5. Pelayanan yang dilakukan oleh badan zending Calvinisme kelihatannya sangat terburu-buru. Hal itu tampak dari jadwal PI misalnya Joseph Kam yang sangat padat dengan jangkauan pelayanan yang bervariasi. Akibatnya, jemaat-jemaat mendapatkan pelayanan rohani yang sangat dangkal dan singkat. Hal ini berbeda dengan kegiatan badan zending Lutheran yang daerah pelayanan PI-nya di Nusantara (Indonesia) tidak seluas NZG dari Calvinisme. Salah satunya ialah karena para pekabar injil menetap cukup lama di suatu tempat. Proses masuknya orang-orang pribumi menjadi penganut agama Kristen berjalan tanpa kejaran waktu yang terlalu ketat. Denninger, misalnya, menunggu 9 tahun di Nias baru dilaksanakan baptisan pertama. Itu pun terlaksana atas permintaan masyarakat lokal sendiri. Hal ini berdampak besar. Orang-orang Nias bertobat dalam kelompok yang sangat besar dan berakar cukup dalam. Dari catatan-catatan yang ditemukan terlihat bahwa banyaknya penduduk yang bertobat membuat para pekabar injil kelabakan untuk melayani mereka. Setiap hari mereka datang dalam kelompok yang besar untuk mengaku dosa-dosa mereka sebelum dibaptis. Apa yang mereka akui itu sampai pada hal-hal yang sangat pribadi dan sederhana. Misalnya, ada yang mengaku telah mencuri sebuah kelapa 20 tahun yang lalu. Jadi dapat kita bayangkan betapa mendalamnya makna "pertobatan" bagi mereka.

Analisis Perbandingan

Pekabaran Injil yang dilakukan oleh badan zending Calvinisme dan Lutheran tidaklah identik dengan sebuah gereja yang melatarbelakanginya. Oleh karena itu, ciri khas mereka pun terlihat jelas. Adakalanya pandangan dan sikap mereka mirip dengan aliran gereja tertentu tetapi pada waktu yang lain tidak kelihatan seperti itu lagi. Zending Calvinisme sangat menjunjung pietisme. Hal itu berdampak terhadap pandangan dan sikap mereka yang "bercita-cita" membentuk suatu kelompok orang hasil PI yang saleh dan menerima Injil apa adanya. Para pekabar injil hanya mau menyampaikan apa yang mereka ketahui tentang itu. Oleh karena itu, sejarah hidup Yesus dan pelayanan-Nya selalu menjadi substansi pokok dari berbagai aktivitas.

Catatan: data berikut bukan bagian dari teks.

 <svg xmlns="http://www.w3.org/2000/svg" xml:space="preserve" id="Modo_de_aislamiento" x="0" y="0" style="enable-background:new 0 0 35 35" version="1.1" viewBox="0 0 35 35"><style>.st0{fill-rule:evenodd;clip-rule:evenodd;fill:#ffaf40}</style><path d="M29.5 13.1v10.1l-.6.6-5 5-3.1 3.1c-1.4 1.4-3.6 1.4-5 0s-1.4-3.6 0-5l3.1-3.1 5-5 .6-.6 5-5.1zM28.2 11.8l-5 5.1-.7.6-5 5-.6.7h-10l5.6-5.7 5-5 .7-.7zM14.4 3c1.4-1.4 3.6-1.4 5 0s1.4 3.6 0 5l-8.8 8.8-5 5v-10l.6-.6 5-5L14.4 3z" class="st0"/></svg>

Begitu pula Lutheran. Namun, menyangkut RMG ini pun muncul gejala yang sangat unik. Mereka adalah hasil penyatuan (union) dari Lutheran dan Calvinis. Kegiatan mereka sesekali sangat dipengaruhi oleh semangat pietis, namun pada saat yang lain kelihatan tidak ada pengaruh pietis. Hal ini dilatarbelakangi oleh proses lahirnya masih merupakan perkembangan yang sedang berproses: apakah penyatuan tersebut menyangkut isi ajaran atau hanya segi organisasinya saja.

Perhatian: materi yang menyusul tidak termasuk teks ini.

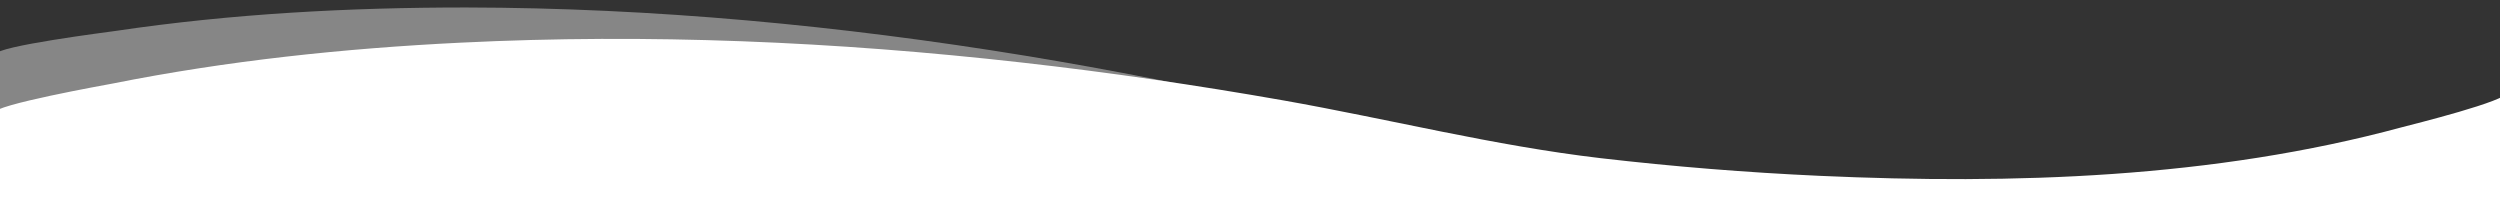 <?xml version="1.0" encoding="utf-8"?>
<!-- Generator: Adobe Illustrator 19.0.0, SVG Export Plug-In . SVG Version: 6.00 Build 0)  -->
<svg version="1.1" id="Layer_1" xmlns="http://www.w3.org/2000/svg" xmlns:xlink="http://www.w3.org/1999/xlink" x="0px" y="0px"
	 viewBox="0 0 1571 127" style="enable-background:new 0 0 1571 127;" xml:space="preserve">
<rect x="0" y="0" width="1571" height="127" fill="#333333" stroke="none"/>
<style type="text/css">
	.st0{opacity:0.41;fill:#FFFFFF;}
	.st1{fill:#FFFFFF;}
	.st2{opacity:0.41;clip-path:url(#XMLID_47_);fill:#FFFFFF;}
	.st3{clip-path:url(#XMLID_47_);fill:#FFFFFF;}
</style>
<path id="XMLID_5_" class="st0" d="M1.3-1318.9c0.3-5.1,70.9-14,75.6-14.7c72.7-10.7,146.4-14.7,219.9-14.6
	c117.7,0.1,235.3,11.2,351.3,30.2c54.7,9,109,19.7,163,32.1c66,15.1,130.4,35,197.3,46.3c45.4,7.6,91,13.6,136.8,18
	c121.4,11.6,247,14,366.7-12c6.8-1.5,67.6-13.2,67.9-18.8c0,0-3.7,73.2-3.7,73.2L-1.7-1259C-1.7-1259,1.3-1318.9,1.3-1318.9z"/>
<path id="XMLID_4_" class="st1" d="M0-1282c0-5.1,70.1-17.6,74.8-18.5c72.1-14.4,145.5-22.1,218.9-25.7
	c117.5-5.8,235.5-0.7,352.4,12.5c55,6.2,109.9,14.2,164.4,23.8c66.7,11.8,132,28.4,199.4,36.3c45.7,5.3,91.6,9,137.6,11.1
	c121.8,5.5,247.4,1.5,365.7-30.5c6.8-1.8,66.8-16.6,66.8-22.2c0,0,0,73.3,0,73.3H0C0-1222,0-1282,0-1282z"/>
<g id="XMLID_45_">
	<defs>
		<rect id="XMLID_44_" width="1571" height="127"/>
	</defs>
	<clipPath id="XMLID_47_">
		<use xlink:href="#XMLID_44_"  style="overflow:visible;"/>
	</clipPath>
	<path id="XMLID_2_" class="st2" d="M-2.7,34.1c0.3-5.1,70.9-14,75.6-14.7C145.7,8.6,219.4,4.7,292.8,4.7
		C410.5,4.9,528.1,16,644.2,35c54.7,9,109,19.7,163,32.1c66,15.1,130.4,35,197.3,46.3c45.4,7.6,91,13.6,136.8,18
		c121.4,11.6,247,14,366.7-12c6.8-1.5,67.6-13.2,67.9-18.8c0,0-3.7,73.2-3.7,73.2L-5.7,94C-5.7,94-2.7,34.1-2.7,34.1z"/>
	<path id="XMLID_1_" class="st3" d="M-4,71c0-5.1,70.1-17.6,74.8-18.5c72.1-14.4,145.5-22.1,218.9-25.7
		c117.5-5.8,235.5-0.7,352.4,12.5c55,6.2,109.9,14.2,164.4,23.8c66.7,11.8,132,28.4,199.4,36.3c45.7,5.3,91.6,9,137.6,11.1
		c121.8,5.5,247.4,1.5,365.7-30.5c6.8-1.8,66.8-16.6,66.8-22.2c0,0,0,73.3,0,73.3H-4C-4,131-4,71-4,71z"/>
</g>
</svg>

Dalam ber-PI, badan zending Calvinis (NZG, UZG) sering mengalami ketegangan dengan pemerintah Belanda baik menyangkut substansi PI maupun persoalan keuangan. Ini berdampak pada hasil PI mereka. Pada kenyataannya sering terdapat jemaat yang ditinggal pergi sebelum benih Injil ditabur dengan baik. Pada sisi lain, hasil PI dipengaruhi oleh latar belakang pendidikan dan pengetahuan para pekabar Injil yang sangat minim.

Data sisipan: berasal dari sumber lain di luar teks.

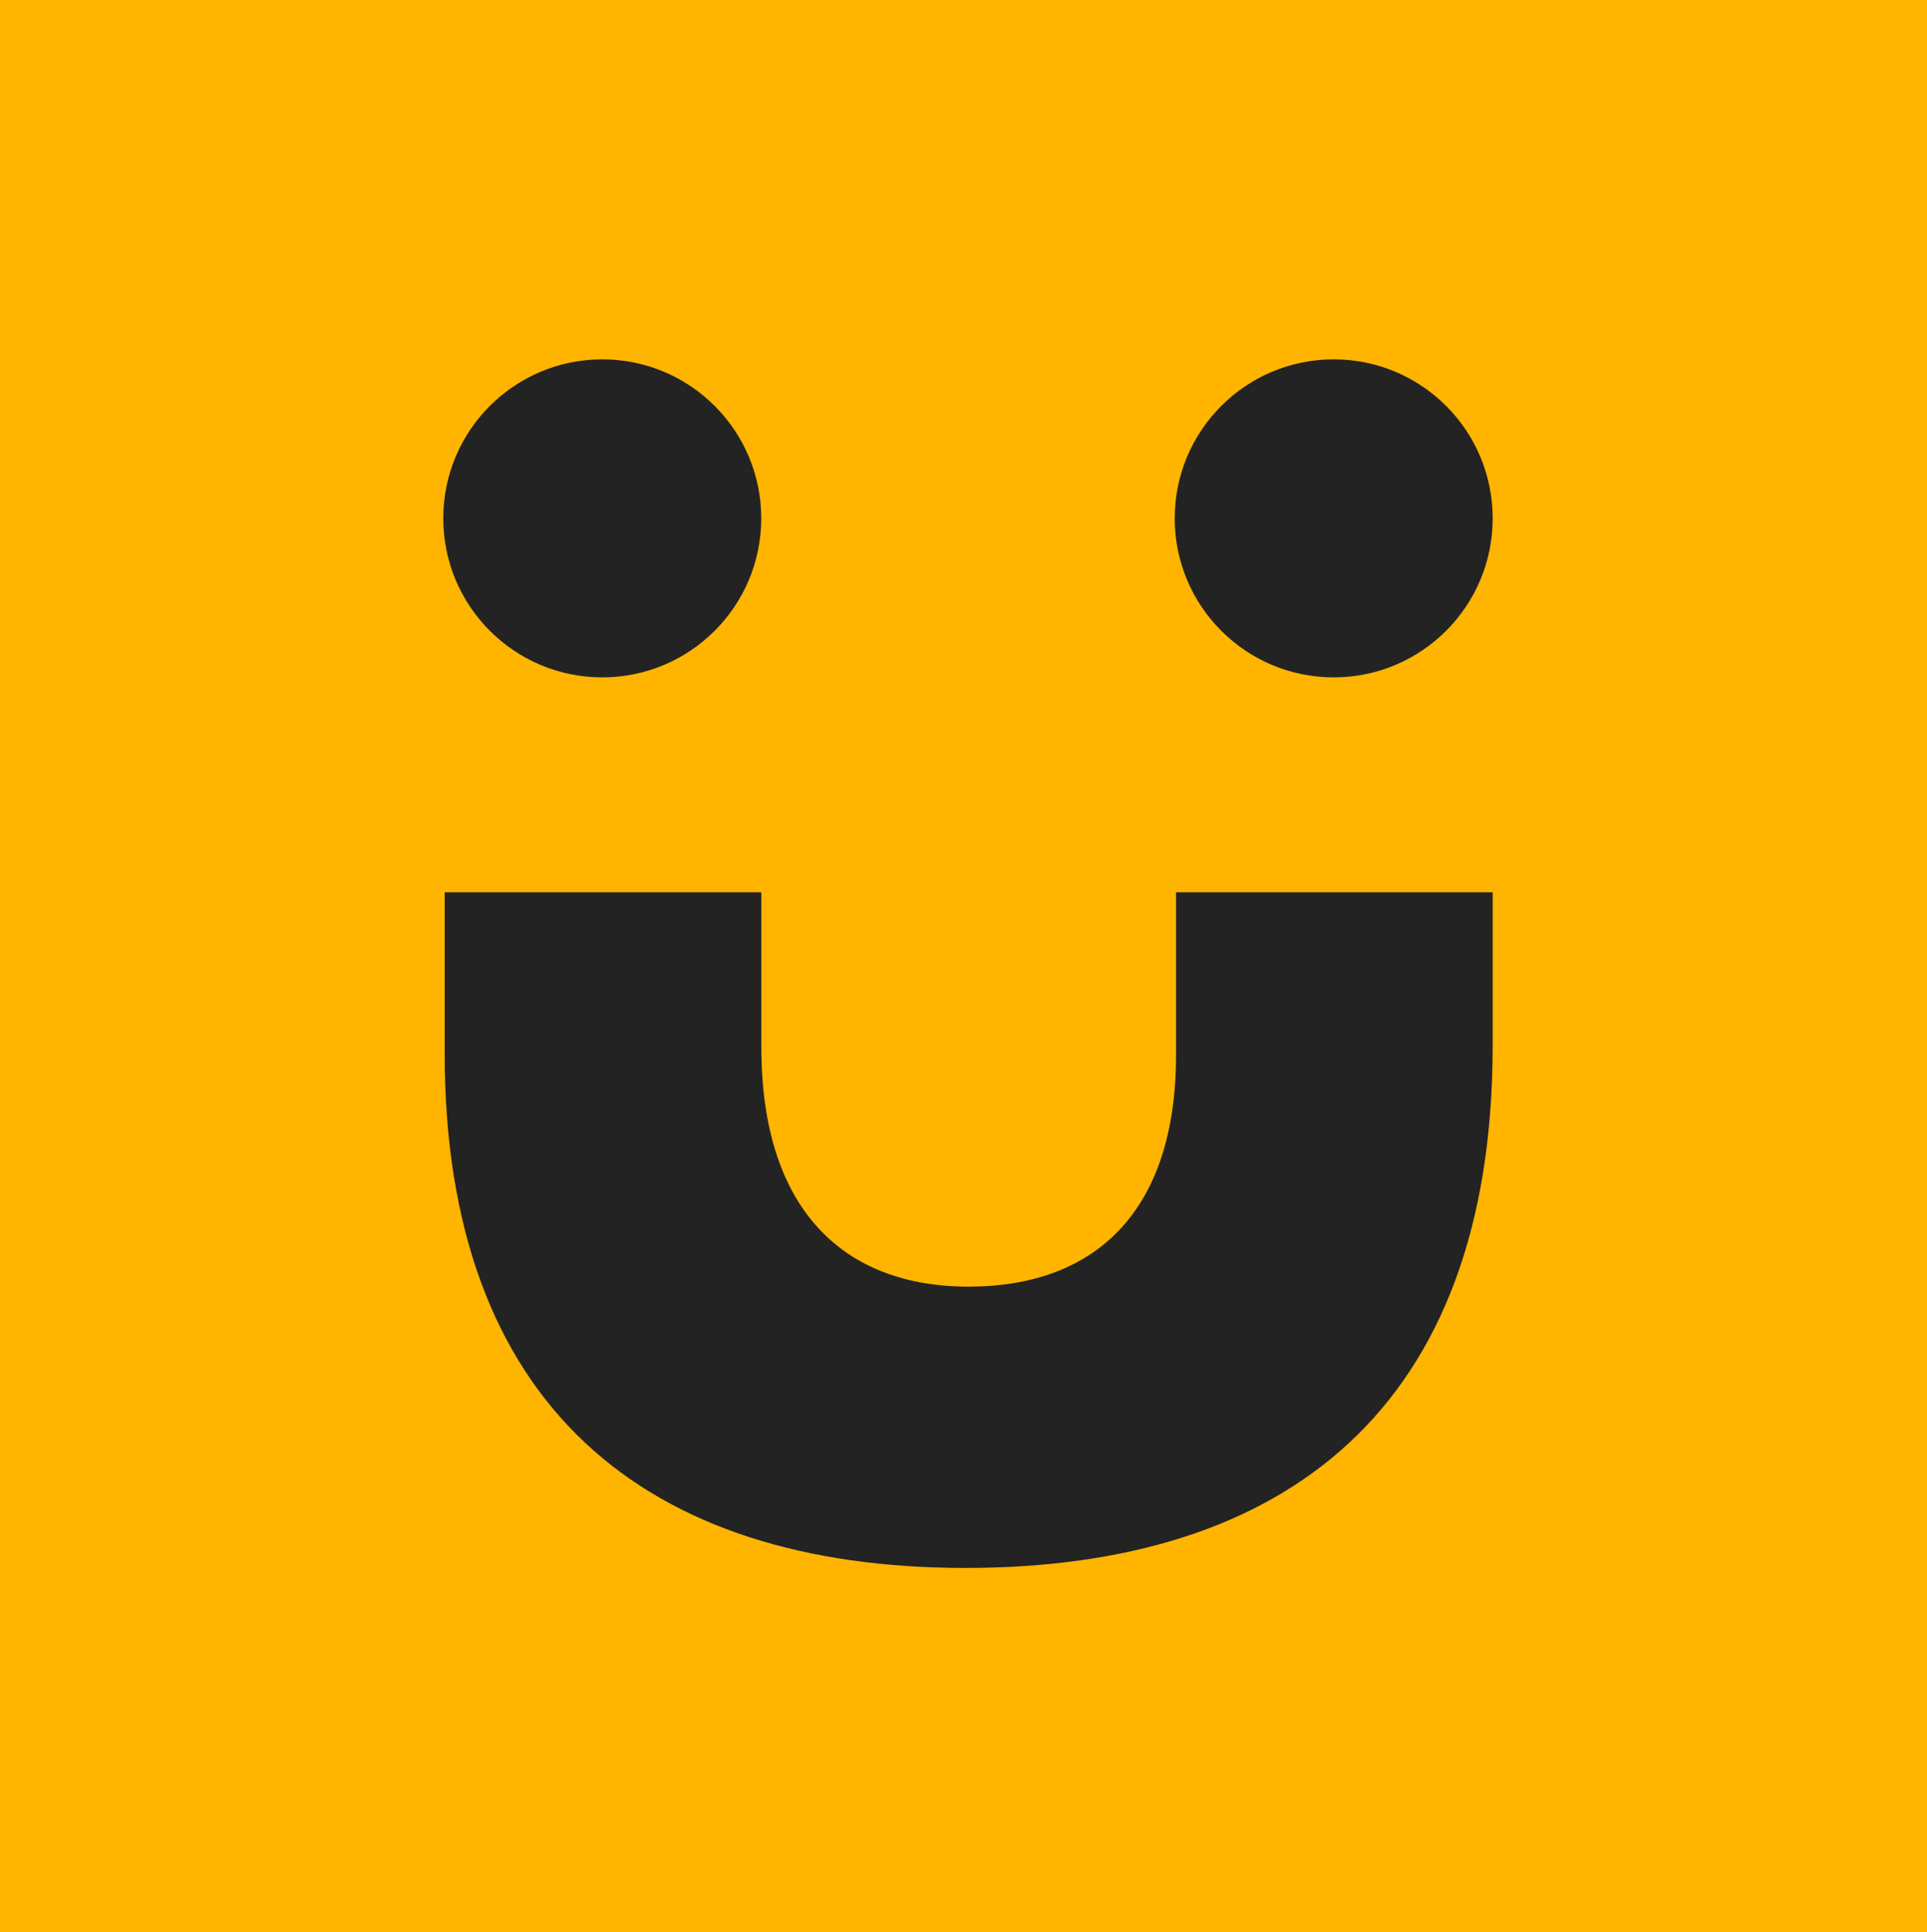 <svg xmlns="http://www.w3.org/2000/svg" id="Layer_1" viewBox="0 0 512 513.31"><defs><style>.cls-1{fill:#232323;}.cls-2{fill:#ffb400;}</style></defs><rect class="cls-2" width="512" height="513.31"></rect><path class="cls-1" d="M118.16,279.87v-42.83h84.13v41.12c0,43.13,21.78,63.63,55.09,63.63s55.09-19.65,55.09-61.5v-43.26h84.13v40.69c0,96.52-55.09,138.8-140.08,138.8s-138.37-43.13-138.37-136.66Z"></path><circle class="cls-1" cx="160.02" cy="137.7" r="42.24"></circle><circle class="cls-1" cx="354.36" cy="137.7" r="42.24"></circle></svg>

Badan zending Calvinis lahir dari gereja[-gereja] Belanda yang sementara mengalami perubahan secara cepat. Ada PI yang hadir dengan latar belakang gereja yang masih sepakat dengan negara. Artinya, masih setuju negara campur tangan dalam urusan-urusan gereja. Tetapi ada pula pekabar injil yang lahir dari gereja yang menginginkan kebebasan penuh atau lepas dari intervensi negara. Pengelompokan ini membantu kita dalam melihat sepak terjang mereka di Indonesia. Yang dari situ dapat dilihat bahwa ada kelompok yang terus berusaha menyesuaikan diri dengan kebijakan pemerintah; ada pula kelompok yang benar-benar murni ingin menjalankan PI.

Dengan demikian, saya melihat bahwa RMG menunjukkan suatu ciri yang lebih berorientasi pada kebutuhan dan perkembangan situasi lokal dimana PI dilakukan. Sekalipun itu dalam batas-batas kepentingan PI, namun terlihat suatu perkembangan "maju", yakni orang-orang pribumi untuk selanjutnya dipakai sebagai tenaga pekabar injil. Tidak diketahui dengan pasti apakah ada latar belakang kurangnya tenaga RMG, keuangan, dll. Ini membutuhkan penelitian lebih lanjut.